> [Description of the task]
When you return the lines below, go from the first through the line with "FILE_DESCRIPTION(/* description */ ('STEP", keep them exact, and leave out every picture.

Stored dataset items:
Content starts

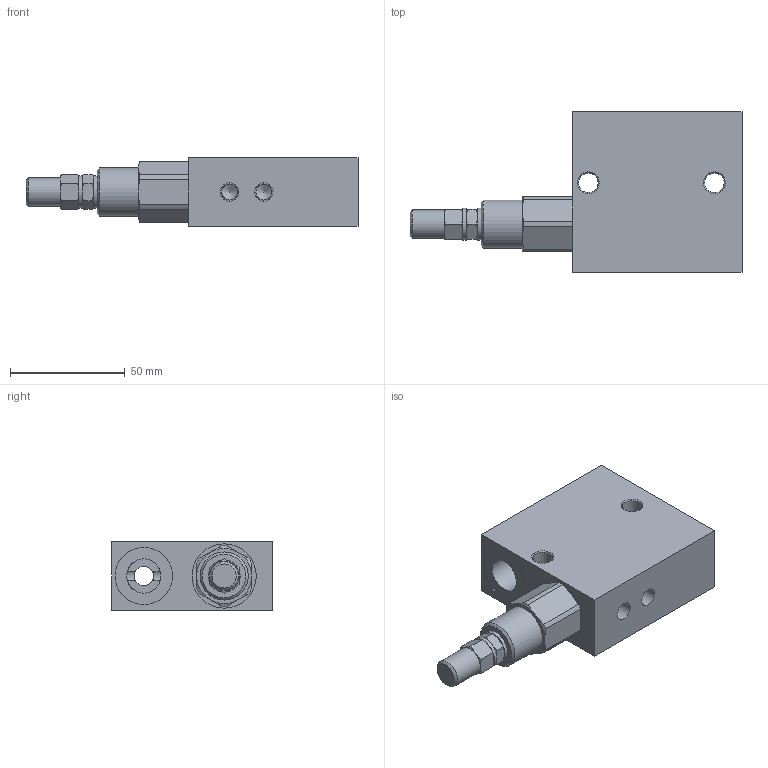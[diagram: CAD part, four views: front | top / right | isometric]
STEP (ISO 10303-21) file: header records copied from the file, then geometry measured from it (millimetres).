
FILE_DESCRIPTION(/* description */ (''),/* implementation_level */ '2;1');
FILE_NAME(/* name */ 'V0640.stp',/* time_stamp */ '2026-04-14T08:27:33+02:00',/* author */ ('muc'),/* organization */ (''),/* preprocessor_version */ 'ST-DEVELOPER v20',/* originating_system */ 'Autodesk Inventor 2022',/* authorisation */ '');
FILE_SCHEMA (('CONFIG_CONTROL_DESIGN'));
Length unit declared in the file: millimetre
Products named in the file (6): V0640; CC00875; CP00900; DADO M8x1_alt5mm; CP00615; RONDELLA RAME 14x8x1.5
Assembly tree (6 placements, depth 2):
  V0640
    CC00875
    CP00900
    DADO M8x1_alt5mm
    CP00615
    RONDELLA RAME 14x8x1.5  x2
Bounding box: 144.7 x 70 x 30 mm (x, y, z)
Volume: 141295.7 mm3; surface area: 35502.2 mm2
Topology: 6 solids, 6 shells, 117 faces, 280 edges, 180 vertices
Faces by surface type: plane 46, cylinder 37, cone 34
Full cylindrical faces by diameter (mm): 6.647 x3, 7 x6, 8 x5, 8.5 x4, 12.5 x1, 14 x3, 14.95 x2, 15 x1, 20.376 x1, 21 x1, 21.945 x1, 25 x2, 28 x1
Entity records: 3820 total; most frequent: CARTESIAN_POINT 971, DIRECTION 556, ORIENTED_EDGE 540, EDGE_CURVE 270, AXIS2_PLACEMENT_3D 231, VERTEX_POINT 176, EDGE_LOOP 142, FACE_OUTER_BOUND 113
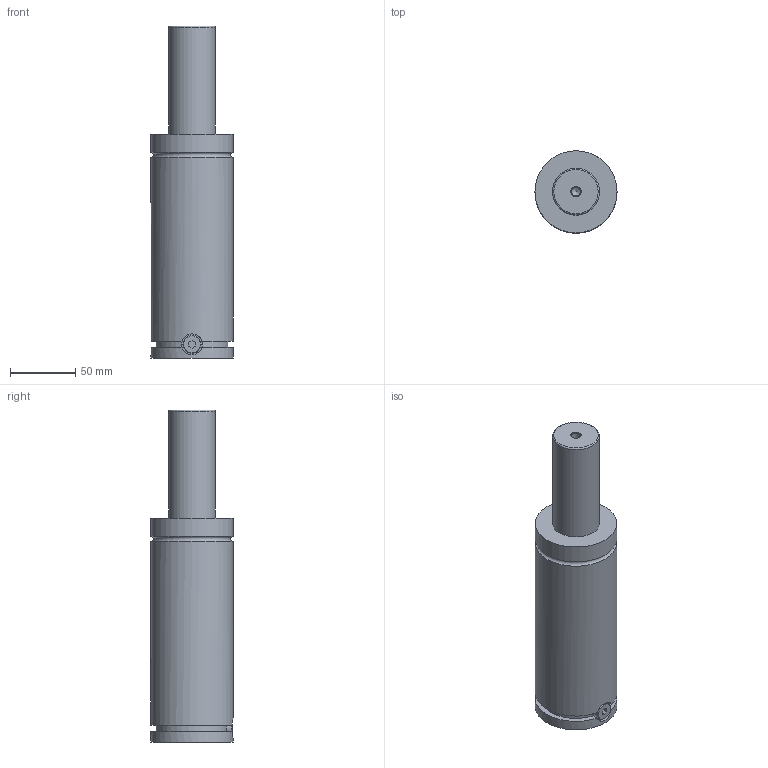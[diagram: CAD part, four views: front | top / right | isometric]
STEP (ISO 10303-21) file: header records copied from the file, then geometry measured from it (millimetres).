
FILE_DESCRIPTION(/* description */ ('STEP AP203'),/* implementation_level */ '2;1');
FILE_NAME(/* name */ 'P 01500_080 A.stp',/* time_stamp */ '2019-03-25T10:41:23+03:00',/* author */ ('Doğan'),/* organization */ (''),/* preprocessor_version */ 'ST-DEVELOPER v17.2',/* originating_system */ 'Autodesk Inventor 2019',/* authorisation */ '');
FILE_SCHEMA (('AUTOMOTIVE_DESIGN { 1 0 10303 214 3 1 1 }'));
Length unit declared in the file: millimetre
Products named in the file (1): P 01500_080 A
Bounding box: 63 x 63 x 255 mm (x, y, z)
Volume: 611161.8 mm3; surface area: 54263 mm2
Topology: 1 solids, 1 shells, 54 faces, 156 edges, 109 vertices
Faces by surface type: plane 22, cylinder 15, cone 15, torus 2
Full cylindrical faces by diameter (mm): 6.8 x7, 11 x1, 14 x1, 16 x1, 36 x1, 63 x3
Entity records: 1877 total; most frequent: CARTESIAN_POINT 359, DIRECTION 329, ORIENTED_EDGE 298, EDGE_CURVE 149, AXIS2_PLACEMENT_3D 130, VERTEX_POINT 109, CIRCLE 75, LINE 69

Content ends

> [Answer space]
[diagram: CAD part, four views: front | top / right | isometric]
STEP (ISO 10303-21) file: header records copied from the file, then geometry measured from it (millimetres).
FILE_DESCRIPTION(/* description */ (''),/* implementation_level */ '2;1');
FILE_NAME(/* name */ 'V0640.stp',/* time_stamp */ '2026-04-14T08:27:33+02:00',/* author */ ('muc'),/* organization */ (''),/* preprocessor_version */ 'ST-DEVELOPER v20',/* originating_system */ 'Autodesk Inventor 2022',/* authorisation */ '');
FILE_SCHEMA (('CONFIG_CONTROL_DESIGN'));
Length unit declared in the file: millimetre
Products named in the file (6): V0640; CC00875; CP00900; DADO M8x1_alt5mm; CP00615; RONDELLA RAME 14x8x1.5
Assembly tree (6 placements, depth 2):
  V0640
    CC00875
    CP00900
    DADO M8x1_alt5mm
    CP00615
    RONDELLA RAME 14x8x1.5  x2
Bounding box: 144.7 x 70 x 30 mm (x, y, z)
Volume: 141295.7 mm3; surface area: 35502.2 mm2
Topology: 6 solids, 6 shells, 117 faces, 280 edges, 180 vertices
Faces by surface type: plane 46, cylinder 37, cone 34
Full cylindrical faces by diameter (mm): 6.647 x3, 7 x6, 8 x5, 8.5 x4, 12.5 x1, 14 x3, 14.95 x2, 15 x1, 20.376 x1, 21 x1, 21.945 x1, 25 x2, 28 x1
Entity records: 3820 total; most frequent: CARTESIAN_POINT 971, DIRECTION 556, ORIENTED_EDGE 540, EDGE_CURVE 270, AXIS2_PLACEMENT_3D 231, VERTEX_POINT 176, EDGE_LOOP 142, FACE_OUTER_BOUND 113
[diagram: CAD part, four views: front | top / right | isometric]
STEP (ISO 10303-21) file: header records copied from the file, then geometry measured from it (millimetres).
FILE_DESCRIPTION(/* description */ ('STEP AP203'),/* implementation_level */ '2;1');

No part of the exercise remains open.